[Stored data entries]
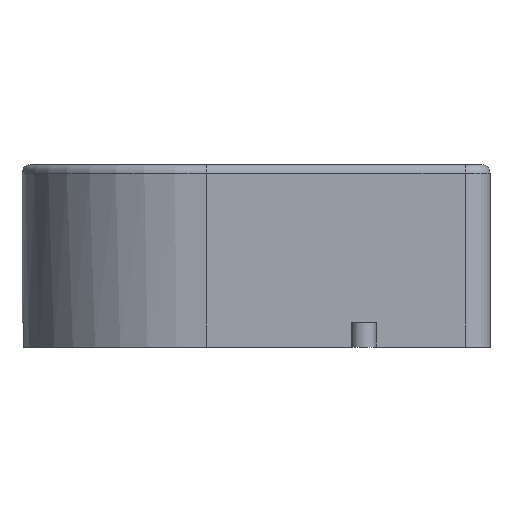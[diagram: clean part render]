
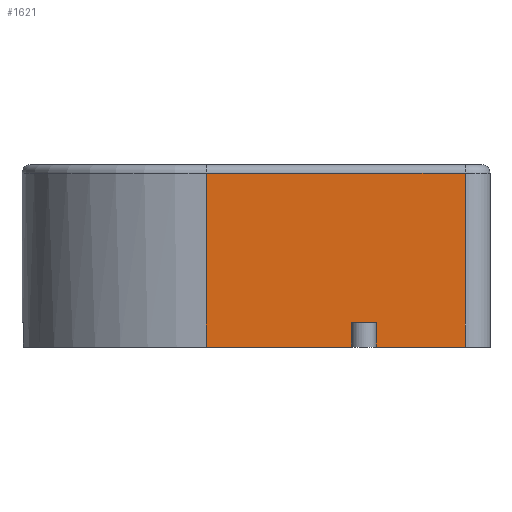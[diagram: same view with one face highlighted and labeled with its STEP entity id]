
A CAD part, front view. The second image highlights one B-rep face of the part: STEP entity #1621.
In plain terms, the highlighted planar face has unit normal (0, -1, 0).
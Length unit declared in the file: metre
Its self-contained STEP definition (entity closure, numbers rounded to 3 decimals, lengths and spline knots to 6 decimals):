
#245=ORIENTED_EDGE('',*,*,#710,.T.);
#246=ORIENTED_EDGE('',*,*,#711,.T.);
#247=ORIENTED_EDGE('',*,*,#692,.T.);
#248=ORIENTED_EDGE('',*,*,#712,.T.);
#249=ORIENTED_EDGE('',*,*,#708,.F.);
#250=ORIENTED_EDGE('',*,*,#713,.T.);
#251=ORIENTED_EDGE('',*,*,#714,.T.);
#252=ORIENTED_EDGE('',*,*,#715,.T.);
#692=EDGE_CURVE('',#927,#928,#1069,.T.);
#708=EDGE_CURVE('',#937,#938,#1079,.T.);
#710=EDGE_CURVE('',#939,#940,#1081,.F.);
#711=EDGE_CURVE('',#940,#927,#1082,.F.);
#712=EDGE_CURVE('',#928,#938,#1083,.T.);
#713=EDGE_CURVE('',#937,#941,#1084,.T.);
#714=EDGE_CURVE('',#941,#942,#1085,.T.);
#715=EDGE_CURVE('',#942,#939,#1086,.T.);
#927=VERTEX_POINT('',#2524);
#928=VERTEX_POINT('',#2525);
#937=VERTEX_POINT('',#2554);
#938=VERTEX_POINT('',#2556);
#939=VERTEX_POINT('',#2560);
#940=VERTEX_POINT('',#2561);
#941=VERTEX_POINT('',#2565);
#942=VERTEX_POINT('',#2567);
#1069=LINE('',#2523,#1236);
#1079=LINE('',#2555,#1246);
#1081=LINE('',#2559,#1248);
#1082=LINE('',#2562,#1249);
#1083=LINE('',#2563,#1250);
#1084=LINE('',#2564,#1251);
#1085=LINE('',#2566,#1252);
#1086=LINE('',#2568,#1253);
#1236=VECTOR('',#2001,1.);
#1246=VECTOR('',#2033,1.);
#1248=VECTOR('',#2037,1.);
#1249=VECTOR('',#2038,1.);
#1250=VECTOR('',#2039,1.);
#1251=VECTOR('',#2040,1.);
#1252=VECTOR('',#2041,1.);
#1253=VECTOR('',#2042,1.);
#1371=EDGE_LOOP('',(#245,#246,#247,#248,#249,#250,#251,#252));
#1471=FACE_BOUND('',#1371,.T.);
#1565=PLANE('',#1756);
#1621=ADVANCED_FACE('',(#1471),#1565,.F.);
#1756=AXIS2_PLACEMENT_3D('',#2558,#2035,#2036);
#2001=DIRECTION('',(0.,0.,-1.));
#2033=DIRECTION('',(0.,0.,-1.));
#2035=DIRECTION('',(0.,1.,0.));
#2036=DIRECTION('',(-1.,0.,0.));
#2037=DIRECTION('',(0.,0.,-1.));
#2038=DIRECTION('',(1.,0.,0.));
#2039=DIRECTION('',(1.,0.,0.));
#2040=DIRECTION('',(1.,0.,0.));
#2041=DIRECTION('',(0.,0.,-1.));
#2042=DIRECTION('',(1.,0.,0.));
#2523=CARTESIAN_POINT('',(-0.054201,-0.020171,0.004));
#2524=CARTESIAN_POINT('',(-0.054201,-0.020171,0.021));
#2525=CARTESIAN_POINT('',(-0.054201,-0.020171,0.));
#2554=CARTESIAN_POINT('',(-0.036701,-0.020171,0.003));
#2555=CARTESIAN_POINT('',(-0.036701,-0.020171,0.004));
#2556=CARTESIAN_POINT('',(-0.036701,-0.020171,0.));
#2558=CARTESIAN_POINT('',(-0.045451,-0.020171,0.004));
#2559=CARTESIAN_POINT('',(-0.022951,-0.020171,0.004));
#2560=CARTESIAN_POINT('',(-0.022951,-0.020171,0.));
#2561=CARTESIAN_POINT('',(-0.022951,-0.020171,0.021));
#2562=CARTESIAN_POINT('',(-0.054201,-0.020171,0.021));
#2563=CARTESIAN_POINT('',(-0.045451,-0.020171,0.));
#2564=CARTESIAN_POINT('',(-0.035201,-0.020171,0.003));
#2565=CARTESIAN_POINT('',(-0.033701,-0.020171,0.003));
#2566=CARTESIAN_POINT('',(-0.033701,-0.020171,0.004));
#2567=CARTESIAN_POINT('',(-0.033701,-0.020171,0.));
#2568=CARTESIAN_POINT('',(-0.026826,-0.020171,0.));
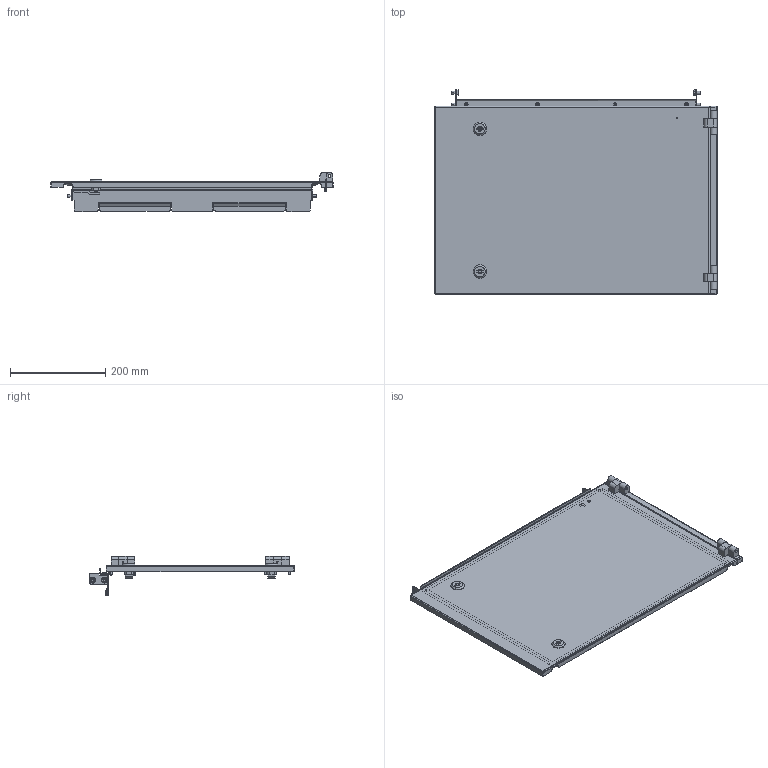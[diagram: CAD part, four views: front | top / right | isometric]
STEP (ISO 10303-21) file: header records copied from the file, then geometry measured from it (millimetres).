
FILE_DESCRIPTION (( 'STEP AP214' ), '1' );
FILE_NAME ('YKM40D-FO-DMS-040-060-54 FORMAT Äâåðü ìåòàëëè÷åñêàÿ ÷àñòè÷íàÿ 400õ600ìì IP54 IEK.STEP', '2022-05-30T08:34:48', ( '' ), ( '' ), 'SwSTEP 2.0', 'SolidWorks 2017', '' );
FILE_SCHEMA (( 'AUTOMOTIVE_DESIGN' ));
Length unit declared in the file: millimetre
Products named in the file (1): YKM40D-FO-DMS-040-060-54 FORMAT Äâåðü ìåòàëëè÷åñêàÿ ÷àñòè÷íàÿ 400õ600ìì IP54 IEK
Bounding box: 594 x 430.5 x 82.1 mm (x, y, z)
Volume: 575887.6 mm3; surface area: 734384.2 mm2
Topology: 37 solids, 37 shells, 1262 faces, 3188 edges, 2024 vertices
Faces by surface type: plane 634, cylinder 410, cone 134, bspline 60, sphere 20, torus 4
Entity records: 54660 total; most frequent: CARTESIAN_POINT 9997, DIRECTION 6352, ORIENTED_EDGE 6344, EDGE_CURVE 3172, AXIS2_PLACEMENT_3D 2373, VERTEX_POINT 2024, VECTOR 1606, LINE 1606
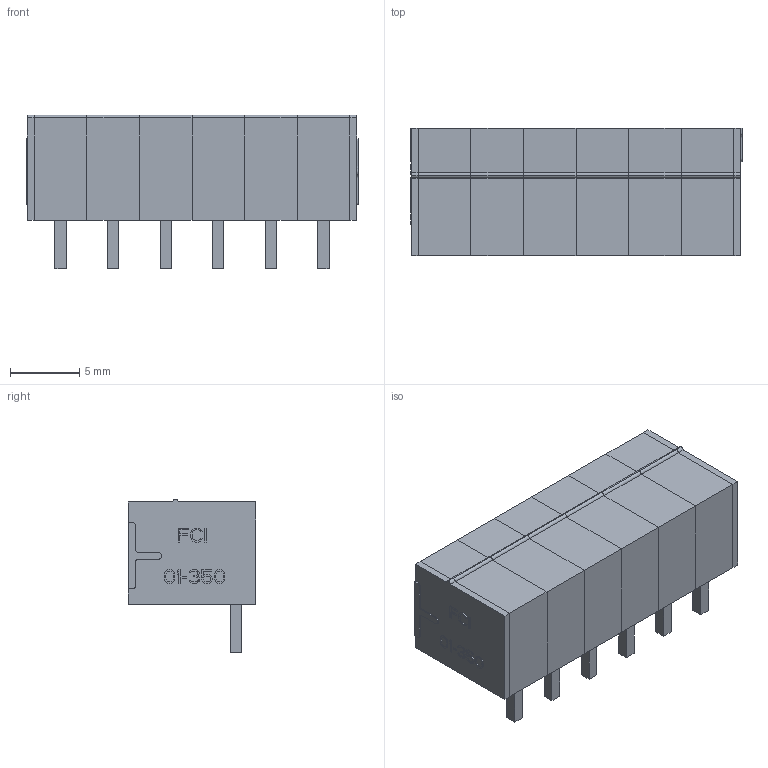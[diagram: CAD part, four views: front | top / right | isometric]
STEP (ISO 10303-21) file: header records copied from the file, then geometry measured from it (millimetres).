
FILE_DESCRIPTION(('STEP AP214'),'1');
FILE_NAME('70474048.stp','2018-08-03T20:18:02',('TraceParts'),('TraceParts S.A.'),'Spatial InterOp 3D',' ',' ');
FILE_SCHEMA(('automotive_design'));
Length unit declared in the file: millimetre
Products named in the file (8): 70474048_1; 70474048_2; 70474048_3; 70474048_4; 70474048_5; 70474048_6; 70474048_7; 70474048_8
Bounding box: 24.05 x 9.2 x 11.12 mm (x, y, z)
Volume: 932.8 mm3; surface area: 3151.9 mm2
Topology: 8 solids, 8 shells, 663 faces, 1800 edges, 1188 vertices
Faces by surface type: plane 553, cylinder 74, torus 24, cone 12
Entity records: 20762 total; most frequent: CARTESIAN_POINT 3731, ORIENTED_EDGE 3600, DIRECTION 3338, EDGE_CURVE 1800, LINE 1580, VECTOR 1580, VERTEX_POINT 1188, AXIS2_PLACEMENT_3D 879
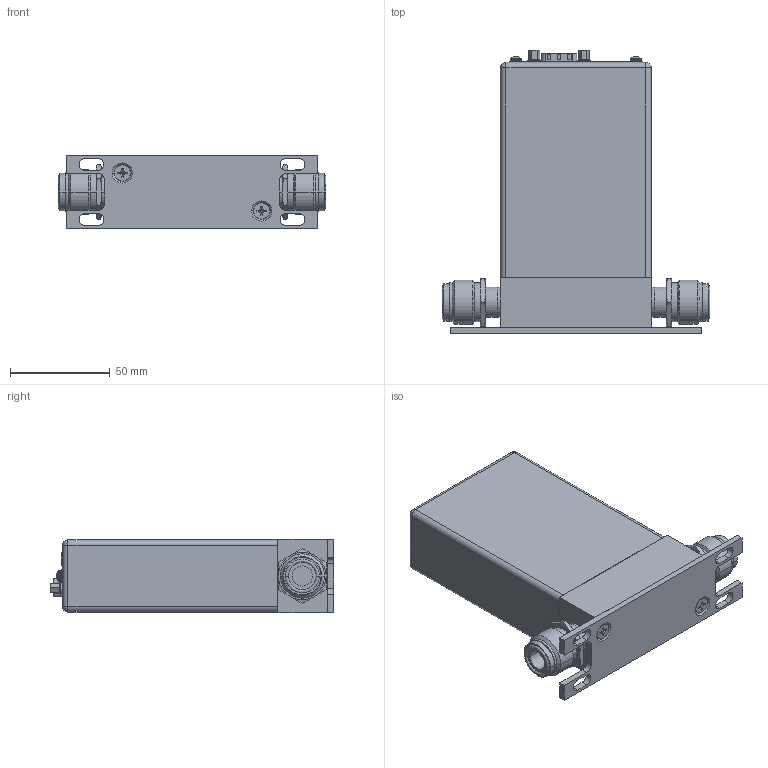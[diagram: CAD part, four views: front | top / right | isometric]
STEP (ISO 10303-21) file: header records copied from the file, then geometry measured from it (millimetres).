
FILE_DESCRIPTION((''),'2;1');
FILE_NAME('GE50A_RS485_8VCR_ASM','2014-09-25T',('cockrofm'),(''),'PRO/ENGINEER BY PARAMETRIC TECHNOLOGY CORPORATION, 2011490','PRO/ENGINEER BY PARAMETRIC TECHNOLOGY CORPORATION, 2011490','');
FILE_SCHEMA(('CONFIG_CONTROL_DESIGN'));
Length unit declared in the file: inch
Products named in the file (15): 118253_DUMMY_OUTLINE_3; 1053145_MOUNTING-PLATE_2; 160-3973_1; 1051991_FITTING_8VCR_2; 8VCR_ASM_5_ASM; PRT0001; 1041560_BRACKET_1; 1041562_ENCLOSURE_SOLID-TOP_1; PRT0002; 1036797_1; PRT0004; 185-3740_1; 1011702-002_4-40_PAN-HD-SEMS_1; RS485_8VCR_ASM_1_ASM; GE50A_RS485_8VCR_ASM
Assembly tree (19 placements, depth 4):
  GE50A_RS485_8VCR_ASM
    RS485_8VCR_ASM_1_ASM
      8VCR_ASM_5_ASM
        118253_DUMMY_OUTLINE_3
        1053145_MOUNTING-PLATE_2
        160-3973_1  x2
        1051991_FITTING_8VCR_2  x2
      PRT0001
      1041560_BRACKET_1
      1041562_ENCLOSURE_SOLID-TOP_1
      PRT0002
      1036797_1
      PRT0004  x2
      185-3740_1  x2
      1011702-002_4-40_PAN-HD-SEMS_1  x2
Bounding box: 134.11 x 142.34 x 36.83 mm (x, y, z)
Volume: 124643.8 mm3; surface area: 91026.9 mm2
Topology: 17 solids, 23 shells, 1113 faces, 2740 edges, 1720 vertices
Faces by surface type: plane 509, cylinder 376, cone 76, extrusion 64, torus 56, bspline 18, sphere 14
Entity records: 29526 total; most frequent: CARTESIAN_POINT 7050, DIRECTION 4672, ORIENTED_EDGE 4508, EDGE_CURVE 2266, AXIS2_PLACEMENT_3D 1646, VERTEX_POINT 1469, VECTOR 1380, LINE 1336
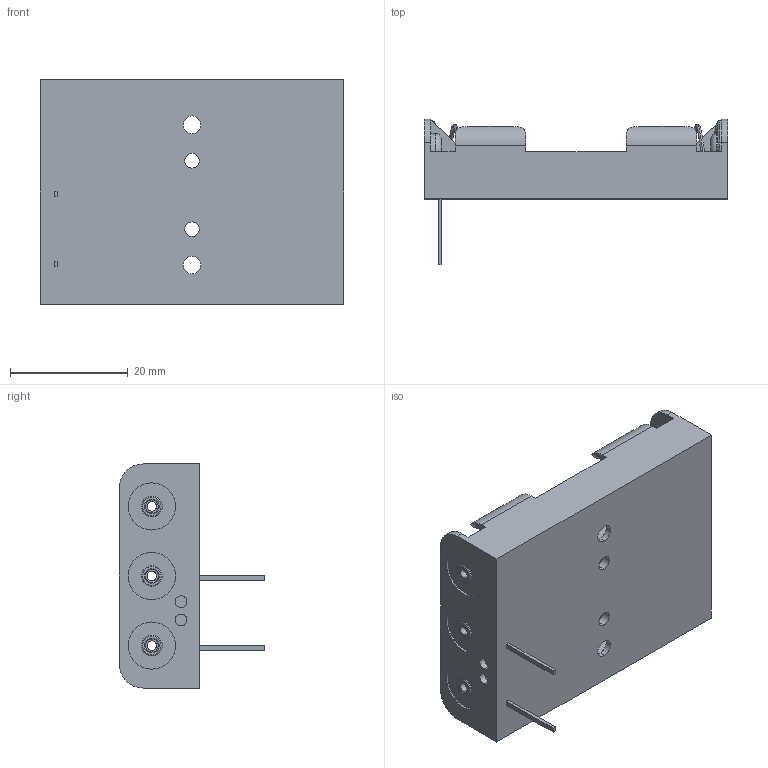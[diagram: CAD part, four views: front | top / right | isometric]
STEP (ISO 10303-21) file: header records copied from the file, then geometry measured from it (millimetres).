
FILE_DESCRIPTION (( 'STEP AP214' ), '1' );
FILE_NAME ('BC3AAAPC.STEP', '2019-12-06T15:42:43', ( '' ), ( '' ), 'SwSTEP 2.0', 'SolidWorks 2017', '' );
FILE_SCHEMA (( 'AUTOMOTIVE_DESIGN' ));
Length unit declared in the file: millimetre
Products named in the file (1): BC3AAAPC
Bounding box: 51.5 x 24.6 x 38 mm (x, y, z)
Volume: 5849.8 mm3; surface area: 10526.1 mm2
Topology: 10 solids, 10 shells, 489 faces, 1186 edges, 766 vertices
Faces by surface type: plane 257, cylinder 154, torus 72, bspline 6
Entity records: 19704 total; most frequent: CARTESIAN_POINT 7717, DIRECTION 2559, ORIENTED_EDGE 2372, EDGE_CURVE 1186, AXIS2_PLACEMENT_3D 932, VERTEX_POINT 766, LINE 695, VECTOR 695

__To do__
In the entries above, find the line containing "[diagram: same view" and the line containing "Length unit declared in the file: metre"; give again exactly those two lines and every line between them, minus the pictures.

__Written response__
[diagram: same view with one face highlighted and labeled with its STEP entity id]
A CAD part, front view. The second image highlights one B-rep face of the part: STEP entity #1621.
In plain terms, the highlighted planar face has unit normal (0, -1, 0).
Length unit declared in the file: metre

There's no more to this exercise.